Analyse du chapitre.

     Une saison en enfer est divisé en neuf sections ou chapitres. Les quatrième et cinquième sections, intitulées "Délires I" et "Délires II" en sont les parties centrales. Ces deux sections, au contenu autobiographique nettement marqué, proposent un bilan du passé récent de l'auteur. L'une (dont nous étudions ici les premières lignes) décrit la relation amoureuse unissant Rimbaud à Verlaine depuis la fin de l'année 1871. L'autre dresse un bilan désenchanté de la trajectoire littéraire suivie par le poète dans les mêmes années. Le "délire" est la manifestation la plus extrême de la folie. Le choix du titre indique bien le jugement négatif porté par l'auteur sur cette étape de sa vie et l'argument principal de son autocritique. Rimbaud condamne comme déraisonnables une aventure amoureuse vécue comme une fuite dans l'imaginaire et le simulacre ("Quelle vie! La vraie vie est absente. Nous ne sommes pas au monde", dit la Vierge folle), et l'utopie d'un projet poétique fondé sur d'ambition d'échapper au réel par la magie des mots (les "sophismes de la folie").

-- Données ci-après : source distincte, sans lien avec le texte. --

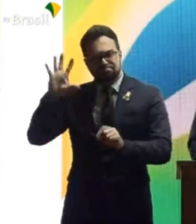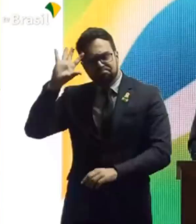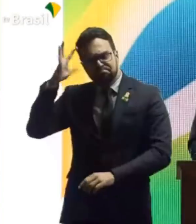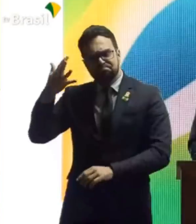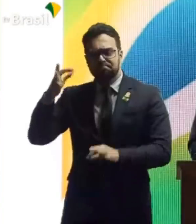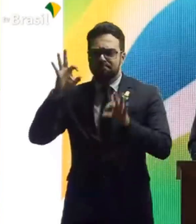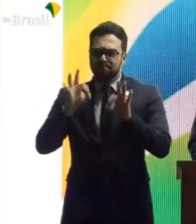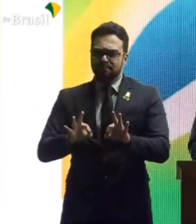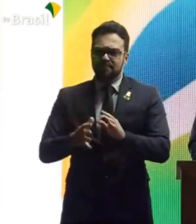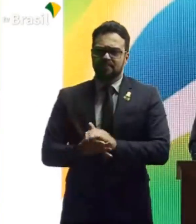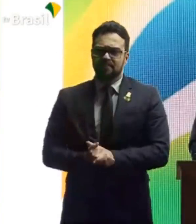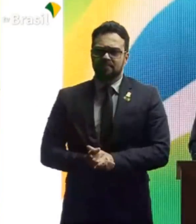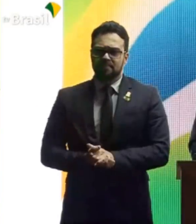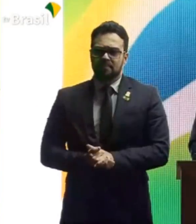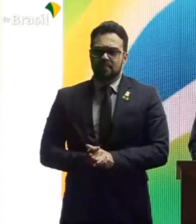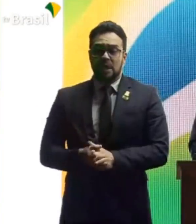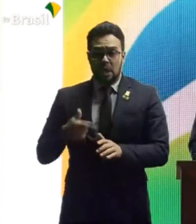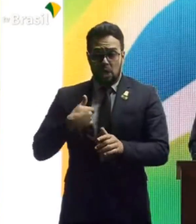Assumir sob críticas.
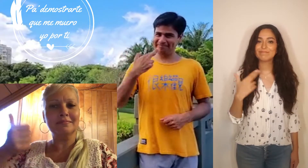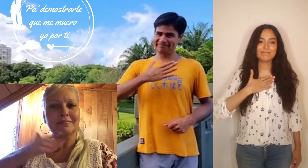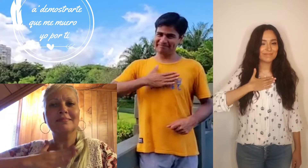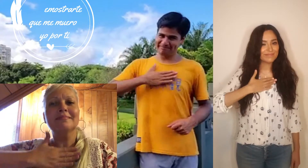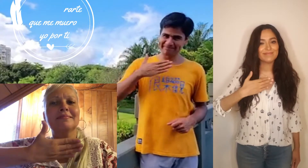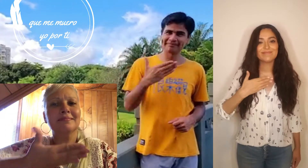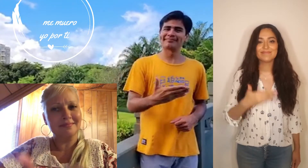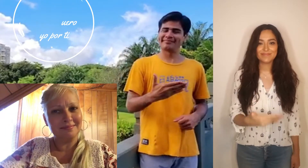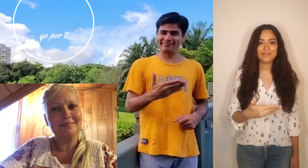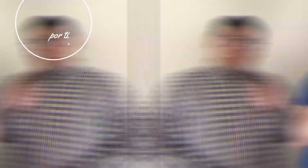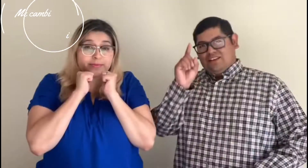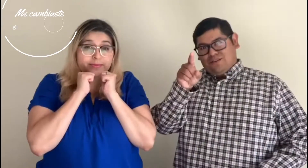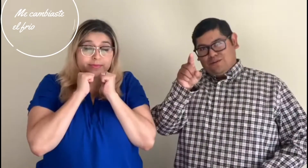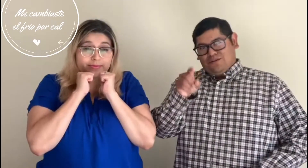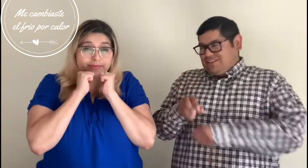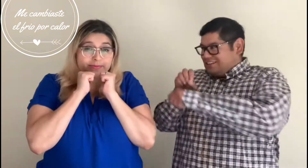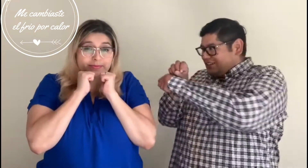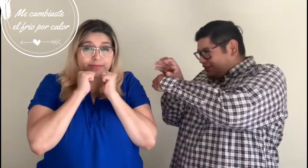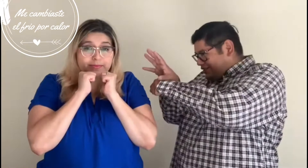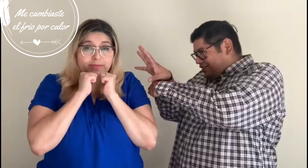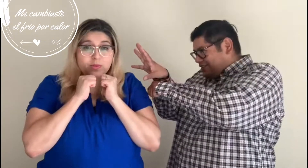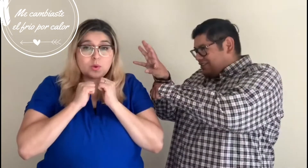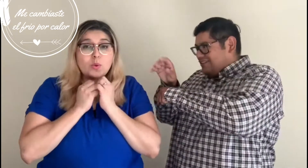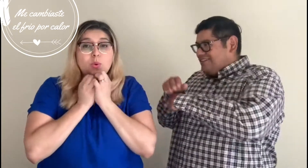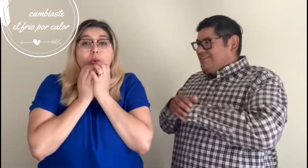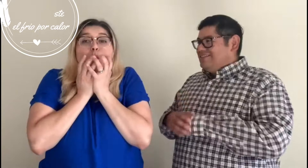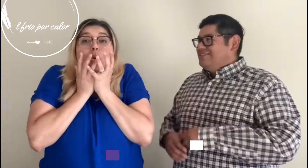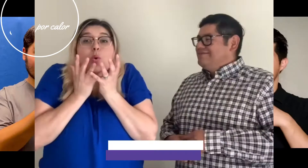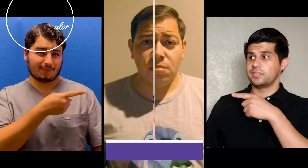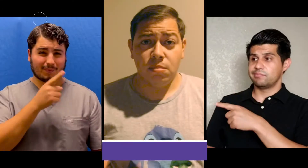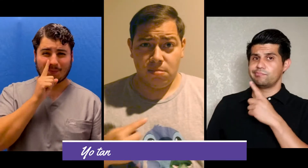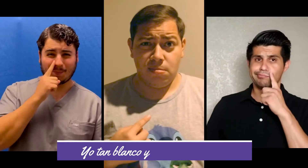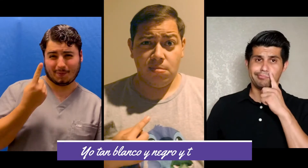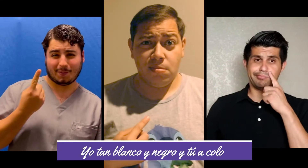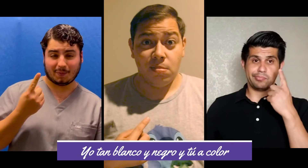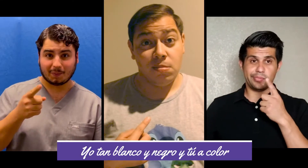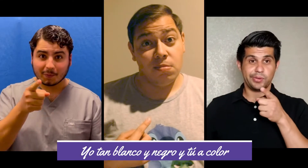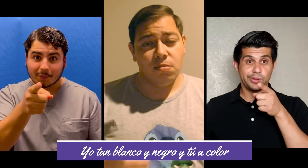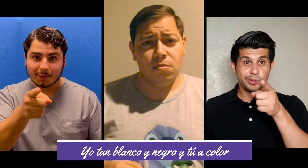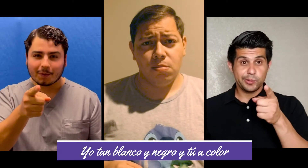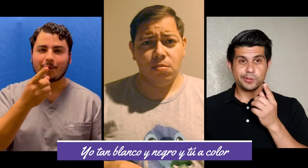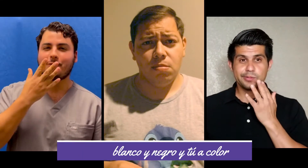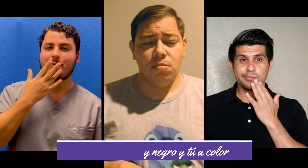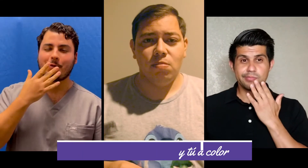ti Me cambiaste el frío por calor, yo tan blanco y negro y tú a color

     Par commodité (mais c'est une gageure car Arthur Rimbaud ne suit pas ce qu'on appelle académiquement un "plan"), Délires I peut être divisé approximativement en trois parties. Le texte commence par un groupe de neuf alinéas qui décrit l'énonciateur sous les traits d'un damné (un "compagnon d'enfer" du narrateur de la Saison) et le féminise sous ceux d'une "Vierge folle". Puis, dans une seconde partie (alinéas 10-13), cet énonciateur (qui n'est autre que Verlaine) dresse le portrait de celui qu'il appelle "l'Époux infernal" (Rimbaud). Il rapporte ses paroles (bribes de monologue de l'époux enchâssées dans le monologue de l'épouse). C'est une sorte d'autoportrait indirect, où Rimbaud tente de se voir dans le regard plein d'incompréhension de l'Autre, et de se juger tel qu'il pouvait être perçu de l'extérieur. On y retrouve l'image de soi véhiculée par les autres sections de la Saison : mépris de l'amour conventionnel; fascination du crime et de l'automutilation; attrait de l'or; haine du travail; goût de l'évasion et des pays lointains; charité merveilleuse; et par dessus tout, une propension permanente à la pose, au théâtre, à la simulation... La troisième partie (alinéas 14 à 19) décrit narquoisement le comportement des deux amants l'un vis-à-vis de l'autre : la dépendance affective d'un Verlaine bourrelé de remords et de honte, vivant dans l'angoisse d'être abandonné et, du côté de Rimbaud, cette alternance de tendresse et de brutalité, de générosité vraie et de mépris pour la faiblesse de son compagnon, qu'il avait l'arrogance d'appeler sa "charité". 

     L'idée principale qui ressort du texte est celle de deux êtres qui, au bout de plusieurs années de vie commune, et malgré tout ce qui aurait dû les rapprocher, n'ont su que rester tragiquement étrangers l'un à l'autre. Mais il est beau que, de cet échec, de cette incompréhension de Verlaine à son égard, Rimbaud s'avoue ici implicitement ―  en partie responsable. Contrairement à ce qu'on a pu lire quelquefois, Délires I n'est pas un règlement de comptes mais un retour réflexif honnête, sincère, non sans courage, de Rimbaud sur son passé.